Please note that the wire in the process is constantly moving and cannot be reused. As a result, copper, brass, or other metal wire can be miles long, adding to the cost of the process. And while the process does not use force and therefore does not burr and can be used on delicate items, there is certainly the possibility of thermal stress.
Most wire EDM operations start with a rough cut with a fairly high feed rate and high dielectric flow. Subsequent degreasing passes require smaller cuts with reduced dielectric flow to achieve tolerance of the finished surfaces. The reduced dielectric flow prevents distortion of the wire during these transitions.
Cuts that do not start along the edge of the part (such as holes) require pre-drilling to allow the wire to pass through. Many wire EDM machines have small hole drilling electrodes for this purpose, which allows starting holes to be made in hardened steel without the use of conventional drill bits. Small hole drills typically use an EDM electrode mounted in a rotating mandrel with a dielectric pumped through the electrode to flush the hole. The process of making small holes in a hardened material using standalone EDM drills is sometimes called hole pop-up.
:: Read more : Introduction to wire cutting
The main advantage of a wire EDM machine over a conventional EDM machine is that the continuous wire feed minimizes the wear that occurs with a stationary electrode. However, a wire EDM machine can use a lot of wire, which increases costs. Many wire EDM machines are self-threaded, so if the wire breaks, the process can continue almost continuously.
Another important advantage is the ability to cut parts after heat treatment, which eliminates the possibility of deformation resulting from post-treatment. In addition, since wire EDM does not apply pressure to the tool on the workpiece, small, delicate parts are easily machined. Fixing requirements are minimal compared to conventional machining methods. Very fine surfaces are possible.

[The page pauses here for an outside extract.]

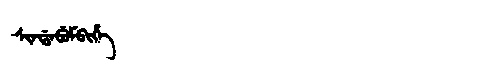
Manchu: ᠰᡳᠨᡩᠠᠪᡠᠮᠪᡳᡥᡝ
Romanization: SINDABUMBIHE

Compared to many machining methods, EDM is a slow process, although speeds have increased over the years due to technological advances. Productivity can be increased by stacking identical parts and cutting them all at once. Multi-head machines are available to cut multiple identical parts simultaneously. Because wire EDM is a thermal process, some stresses can be imparted to the workpiece.
Although relatively straightforward to perform, maintenance of wire EDM machines can be more demanding than that required for conventional machine tools. Consumables can be more costly, too. These costs can sometimes be softened by the fact that almost all wire EDM machines are designed to operate unattended, save for loading and unloading. The absence of burrs on the finished parts can also save by labor or time by eliminating the deburring step.